RECORDS FOR THIS TASK:
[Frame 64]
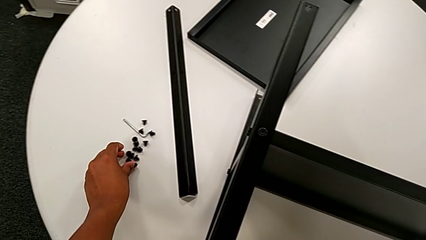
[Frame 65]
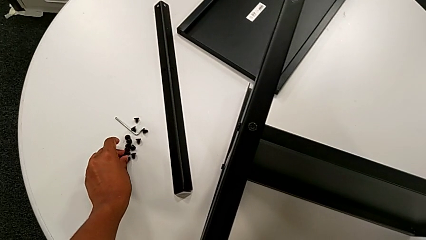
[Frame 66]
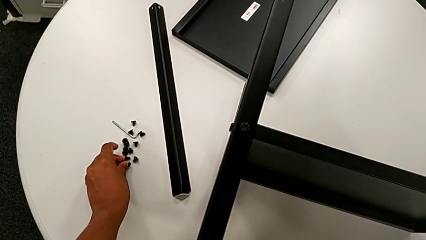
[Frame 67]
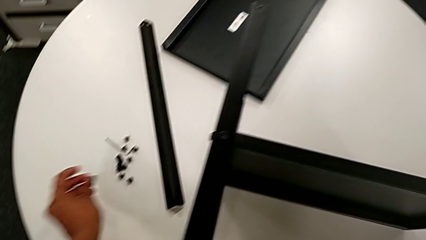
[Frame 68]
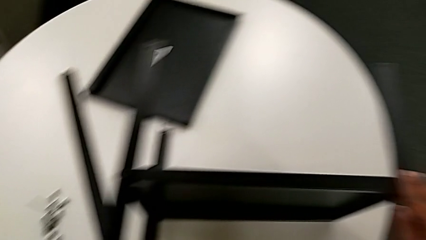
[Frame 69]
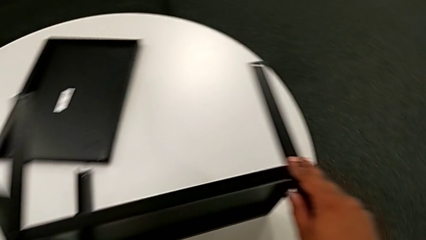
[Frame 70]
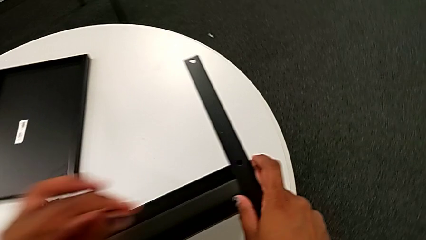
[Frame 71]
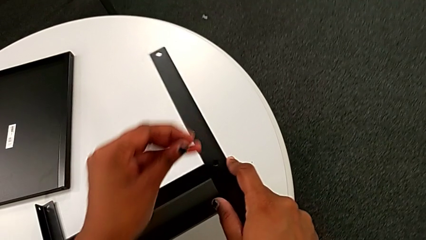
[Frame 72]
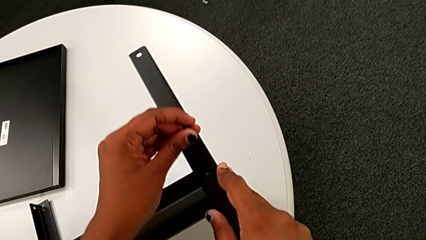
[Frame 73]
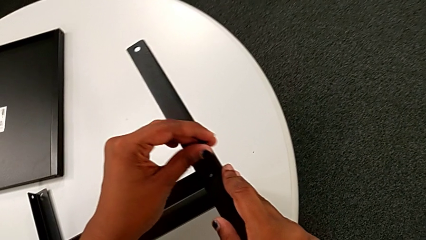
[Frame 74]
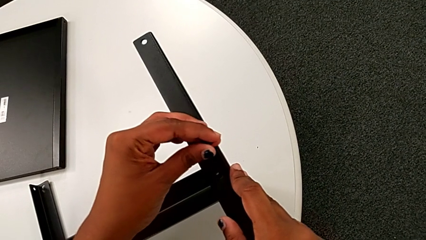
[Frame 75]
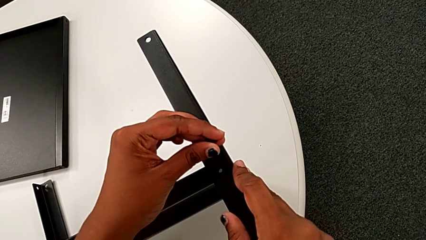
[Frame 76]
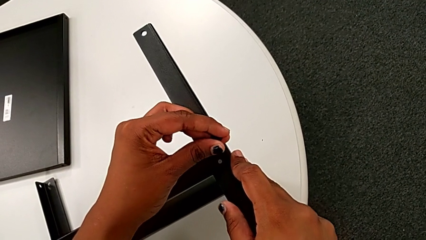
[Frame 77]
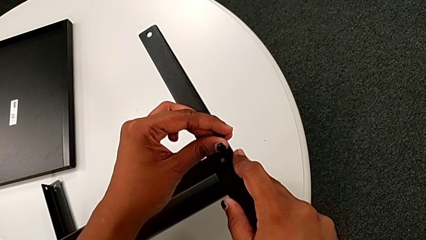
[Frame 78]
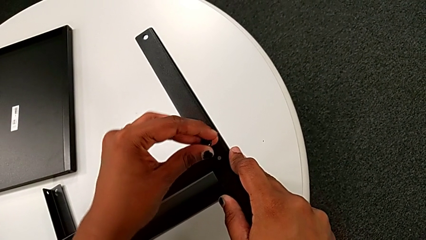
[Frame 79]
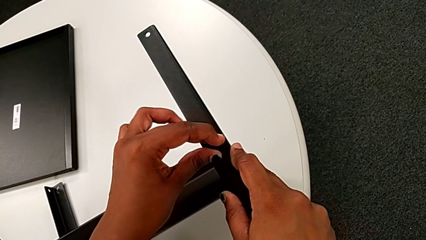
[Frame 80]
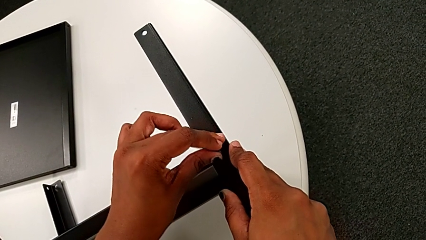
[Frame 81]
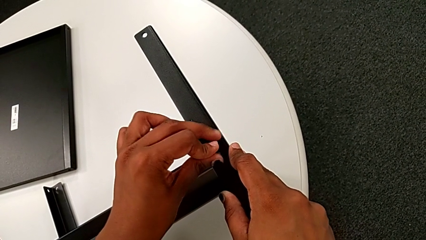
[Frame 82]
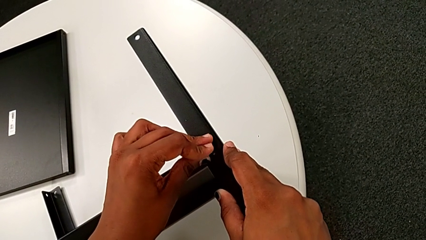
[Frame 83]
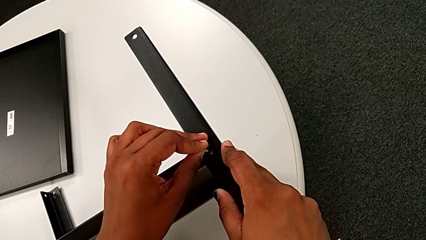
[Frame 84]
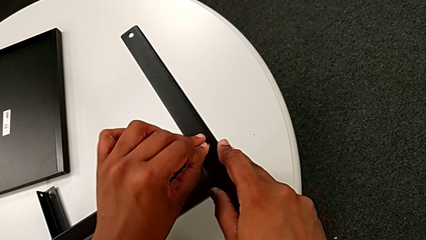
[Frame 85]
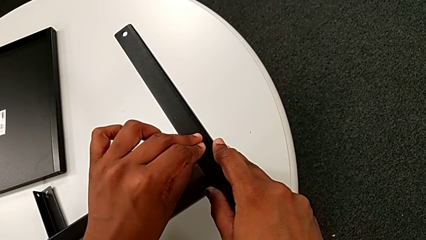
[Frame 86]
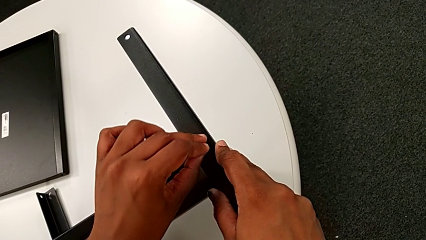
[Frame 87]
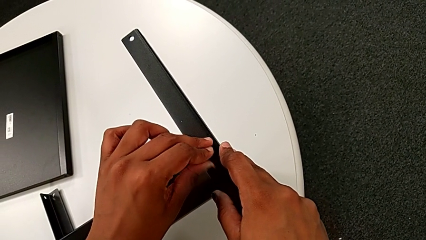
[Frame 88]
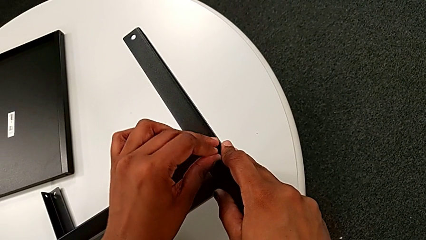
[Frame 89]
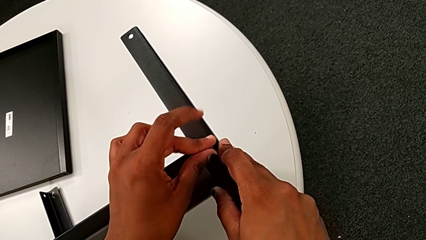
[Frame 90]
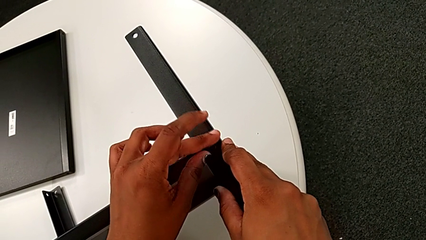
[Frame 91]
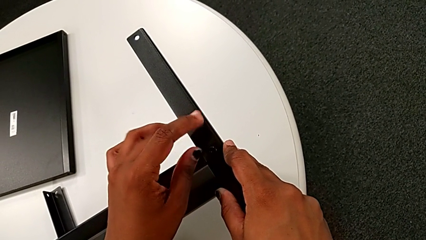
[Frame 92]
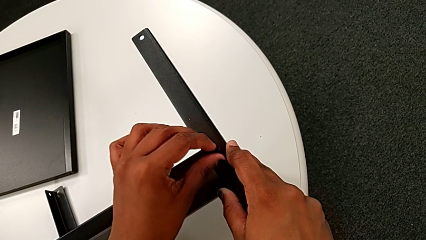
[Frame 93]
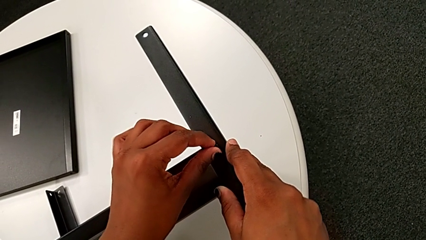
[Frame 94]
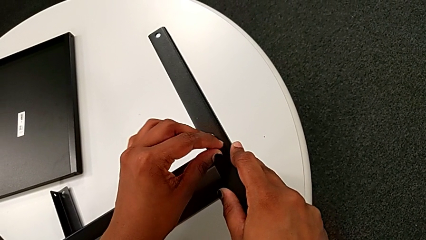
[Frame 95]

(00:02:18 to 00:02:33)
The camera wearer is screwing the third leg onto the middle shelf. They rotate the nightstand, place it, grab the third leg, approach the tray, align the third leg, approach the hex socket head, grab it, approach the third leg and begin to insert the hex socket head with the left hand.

WHAT THE EXERCISE ASKS: Copy the data exactly. Any picture it contains is to be omitted.

RESPONSE:
[Frame 64]
[Frame 65]
[Frame 66]
[Frame 67]
[Frame 68]
[Frame 69]
[Frame 70]
[Frame 71]
[Frame 72]
[Frame 73]
[Frame 74]
[Frame 75]
[Frame 76]
[Frame 77]
[Frame 78]
[Frame 79]
[Frame 80]
[Frame 81]
[Frame 82]
[Frame 83]
[Frame 84]
[Frame 85]
[Frame 86]
[Frame 87]
[Frame 88]
[Frame 89]
[Frame 90]
[Frame 91]
[Frame 92]
[Frame 93]
[Frame 94]
[Frame 95]

(00:02:18 to 00:02:33)
The camera wearer is screwing the third leg onto the middle shelf. They rotate the nightstand, place it, grab the third leg, approach the tray, align the third leg, approach the hex socket head, grab it, approach the third leg and begin to insert the hex socket head with the left hand.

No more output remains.